I. BASIC FACTS AND PROCEDURAL HISTORY

Prior to February 2021, plaintiff was “a leading diversified manufacturer of highly engineered metal components and systems with operations in the United States, Mexico, and Canada.” As relevant here, plaintiff supplied manufactured connecting rods to Federal-Mogul Powertrain LLC, which in turn used those rods for rod and piston assemblies in two GM engine programs: (1) the Duramax V8 engines, and (2) the Gen V+ and 6.2L V8 engines. According to

-1- plaintiff, it was the sole supplier of the rods for the Gen V+ and 6.2L V8 engines and supplied the majority of the rods for the Duramax engines.

Defendant American Axle is a metal forming automotive supplier and supplied plaintiff with component parts for the rods. In addition to supplying component parts for the rod assemblies, American Axle was also capable of competing directly with plaintiff by supplying the assembled rods directly to Federal-Mogul. Defendants Metaldyne LLC, Metaldyne Performance Group, Inc., and Metaldyne SinterForged Products LLC are subsidiaries of American Axle, which acquired the subsidiaries in 2017.

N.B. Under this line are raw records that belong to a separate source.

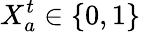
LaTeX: X_{a}^{t}\in\{ 0,1\}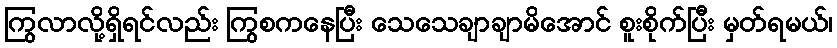
ကြွလာလို့ရှိရင်လည်း ကြွစကနေပြီး သေသေချာချာမိအောင် စူးစိုက်ပြီး မှတ်ရမယ်၊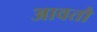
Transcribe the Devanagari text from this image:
आवतौ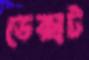
ডেক্সট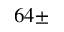
6 4 \pm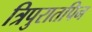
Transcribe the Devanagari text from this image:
त्रिपुरातपिन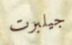
جيلبرت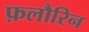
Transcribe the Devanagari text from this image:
फ़लौरिन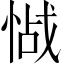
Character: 𱞰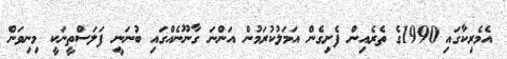
އެމެރިކާގައި 1990ގެ ތެރެއިން ފެށިގެން އަމަލުކުރަމުން އަންނަ ގާނޫނެއްގައި ބުނަނީ ފަލަސްތީނަކީ މިނިވަން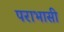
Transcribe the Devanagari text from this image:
पराभासी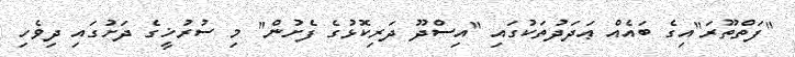
"ފަތްތޫރަ"އިގެ ބައެއް ޢަދަދުތަކުގައި "އިސްދޫ ދަރިކޮޅުގެ ފެށުން" މި ސުރުޚީގެ ދަށުގައި ދިވެހި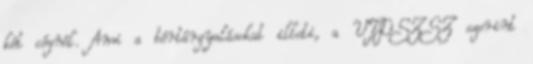
két cégnél. Ami a bértárgyalásokat illeti, a VTDSZSZ szerint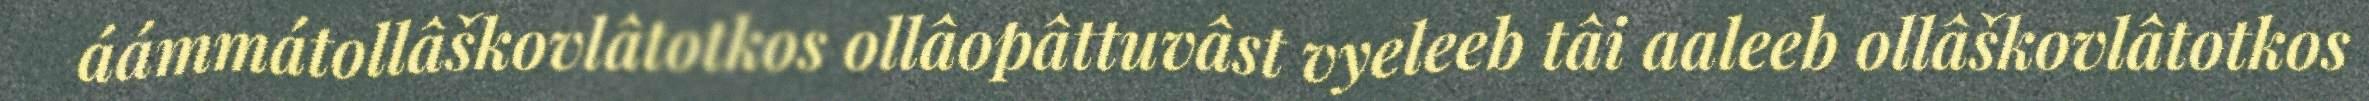
áámmátollâškovlâtotkos ollâopâttuvâst vyeleeb tâi aaleeb ollâškovlâtotkos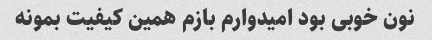
نون خوبی بود امیدوارم بازم همین کیفیت بمونه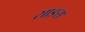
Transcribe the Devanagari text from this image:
साङ्स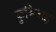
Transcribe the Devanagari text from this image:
कुमिअइ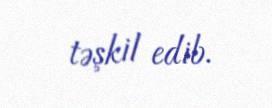
təşkil edib.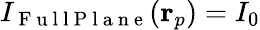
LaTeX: I_{\mathrm{~F~u~l~l~P~l~a~n~e~}}(\mathbf{r}_{p})=I_{0}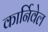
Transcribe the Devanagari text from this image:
कार्निवेल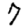
Digit: 7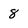
Character: 8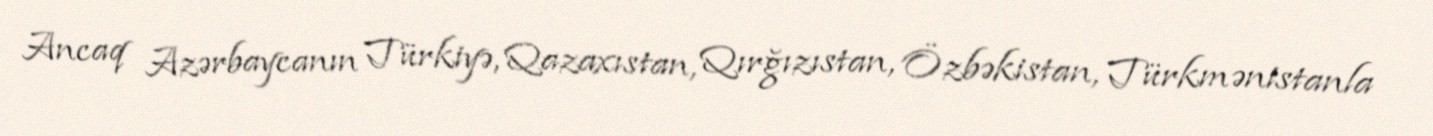
Ancaq Azərbaycanın Türkiyə, Qazaxıstan, Qırğızıstan, Özbəkistan, Türkmənistanla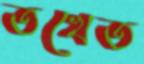
তখেত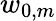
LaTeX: w_{0,m}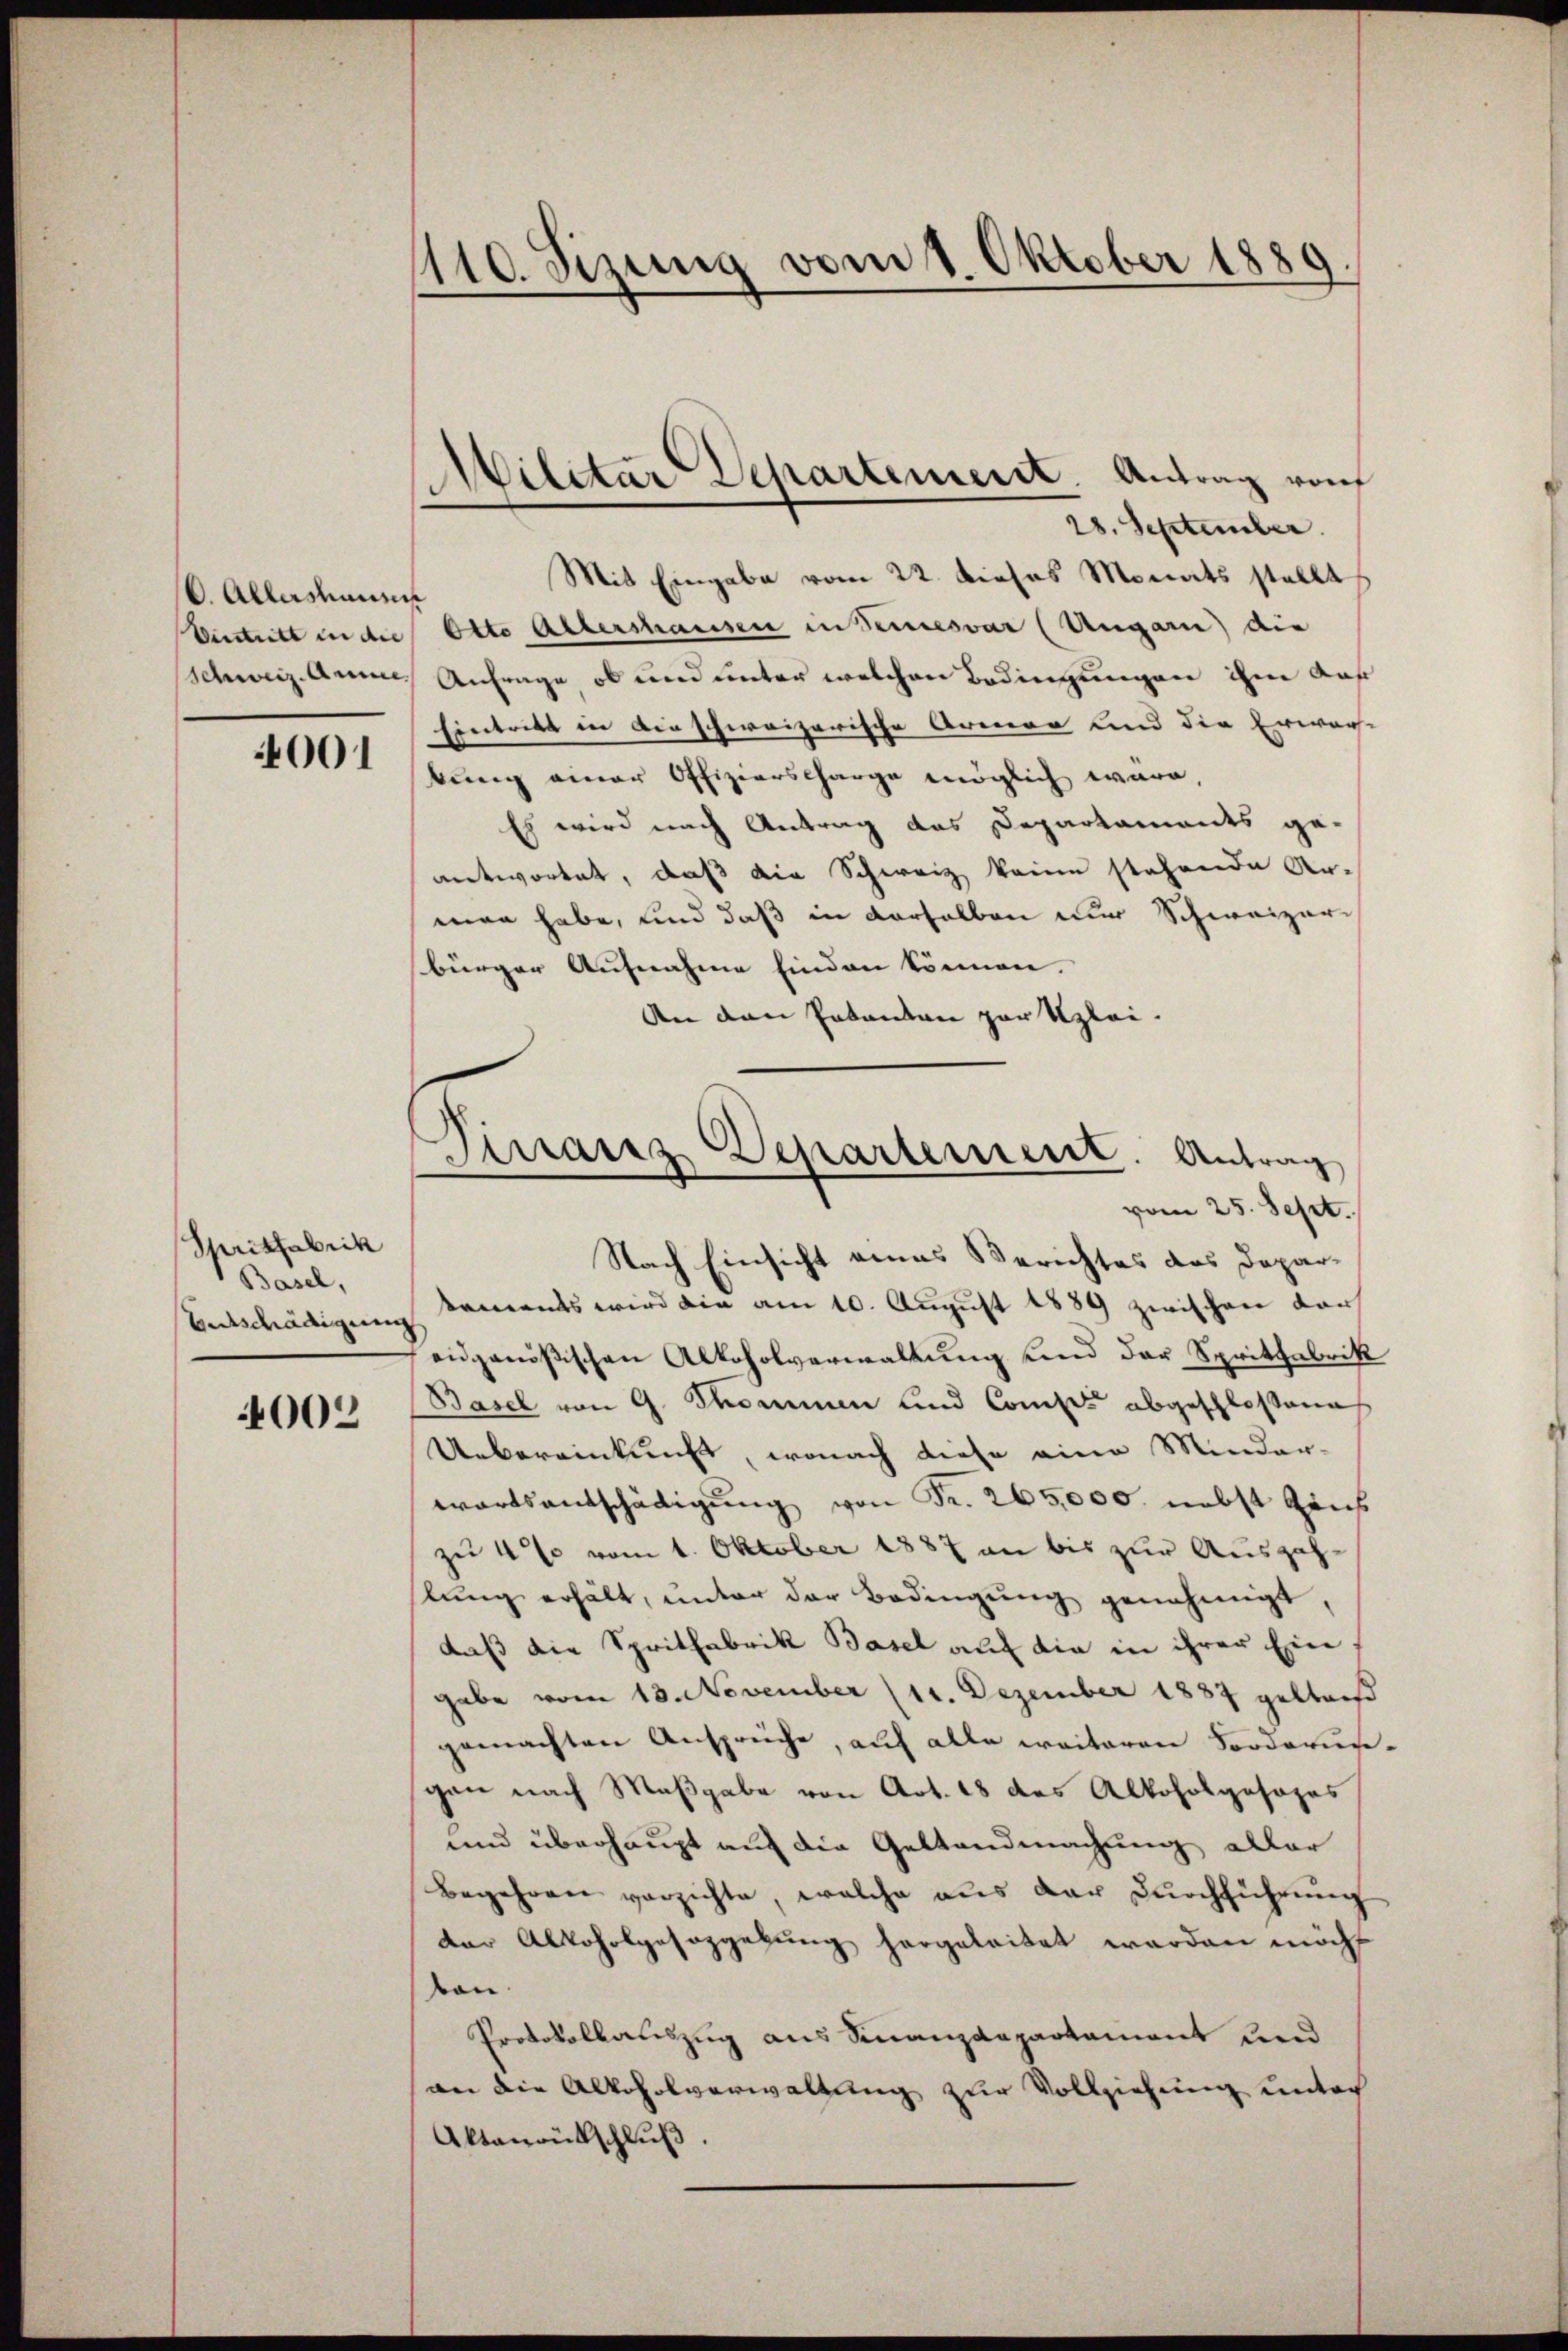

On October 7, 2019, as a result of plaintiff’s failure to pay the past due amounts for its orders, defendants terminated their agreement with plaintiff. The parties subsequently entered into a “Standstill Agreement” under which defendants would refrain from pursuing the past due amounts provided plaintiff complied with certain payment conditions. The Standstill Agreement also allowed plaintiff to continue to obtain components for the rods on a spot-purchase basis. Subsequently, on May 12, 2020, the parties entered into a “Supply Agreement,” which is the subject of this dispute. The original term of the Supply Agreement was to last through October 31, 2020. Although the term of the Supply Agreement was extended twice, defendants notified plaintiff that it would not continue its business relationship with plaintiff after the January 31, 2021 expiration date.

Before the term of the Supply Agreement expired, plaintiff filed suit in the trial court, seeking damages for breach of contract and relief under theories of specific performance and declaratory and injunctive relief. Plaintiff also moved for a preliminary injunction, in which plaintiff asked the court to order the parties to maintain the status quo under the Supply Agreement, which the trial court denied.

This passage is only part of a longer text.